## LISTED ENTRIES
━━━━━━━━
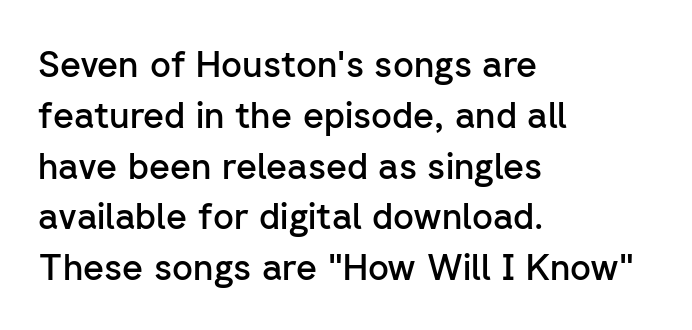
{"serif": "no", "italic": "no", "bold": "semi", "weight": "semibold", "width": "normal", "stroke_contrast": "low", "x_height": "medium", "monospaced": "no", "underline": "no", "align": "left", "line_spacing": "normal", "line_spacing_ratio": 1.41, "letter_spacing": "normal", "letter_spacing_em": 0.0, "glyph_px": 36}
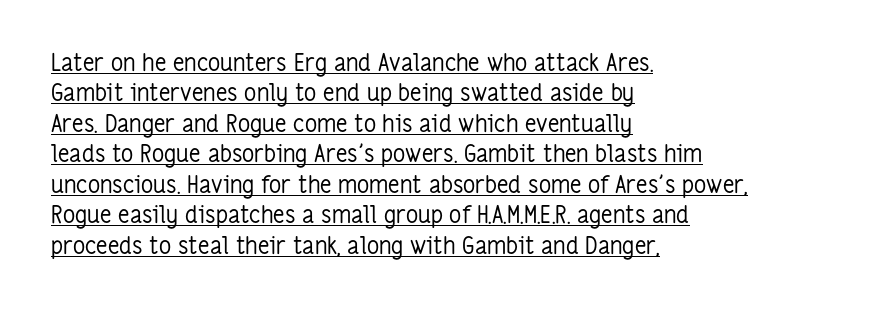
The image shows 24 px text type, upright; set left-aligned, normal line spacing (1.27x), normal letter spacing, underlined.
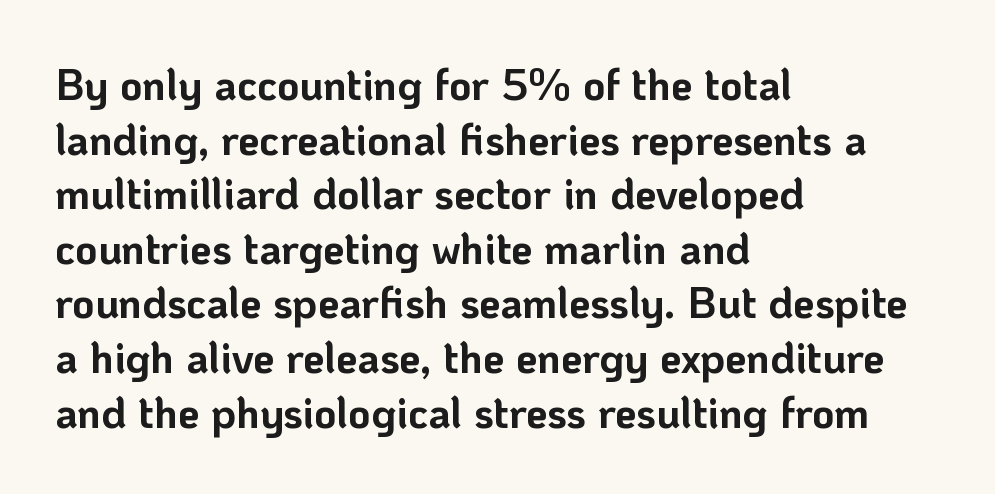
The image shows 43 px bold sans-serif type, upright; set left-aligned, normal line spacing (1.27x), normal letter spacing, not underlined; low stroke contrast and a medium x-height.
━━━━━━━━
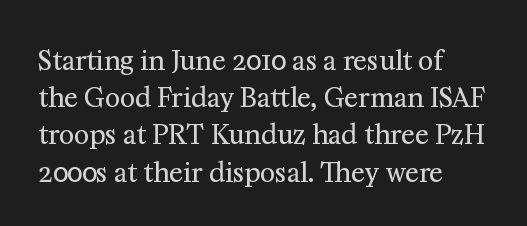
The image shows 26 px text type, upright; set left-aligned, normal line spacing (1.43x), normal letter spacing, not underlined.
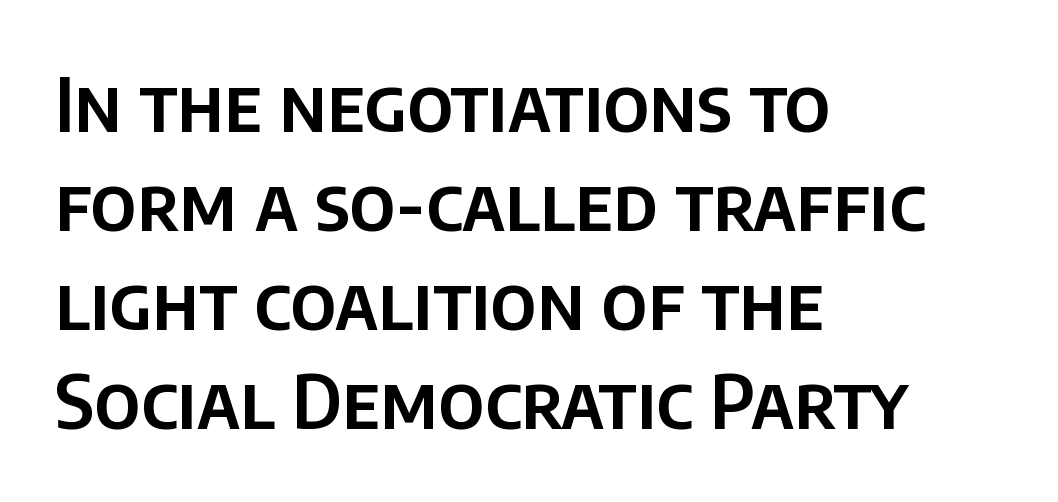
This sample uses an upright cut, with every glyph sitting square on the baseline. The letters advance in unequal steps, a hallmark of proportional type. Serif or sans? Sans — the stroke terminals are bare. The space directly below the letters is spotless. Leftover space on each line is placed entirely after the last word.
━━━━━━━━
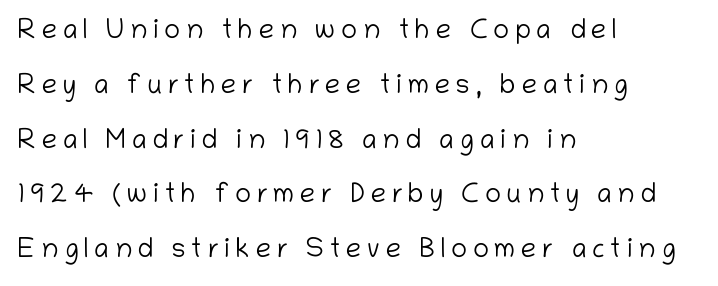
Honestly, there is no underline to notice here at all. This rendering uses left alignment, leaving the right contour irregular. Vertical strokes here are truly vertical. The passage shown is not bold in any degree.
━━━━━━━━
## TASK ITEM
The answer is every line in the data where the word "underlined" appears.

## ANSWER FOR THIS EXERCISE
The image shows 24 px text type, upright; set left-aligned, normal line spacing (1.27x), normal letter spacing, underlined.
The image shows 43 px bold sans-serif type, upright; set left-aligned, normal line spacing (1.27x), normal letter spacing, not underlined; low stroke contrast and a medium x-height.
The image shows 26 px text type, upright; set left-aligned, normal line spacing (1.43x), normal letter spacing, not underlined.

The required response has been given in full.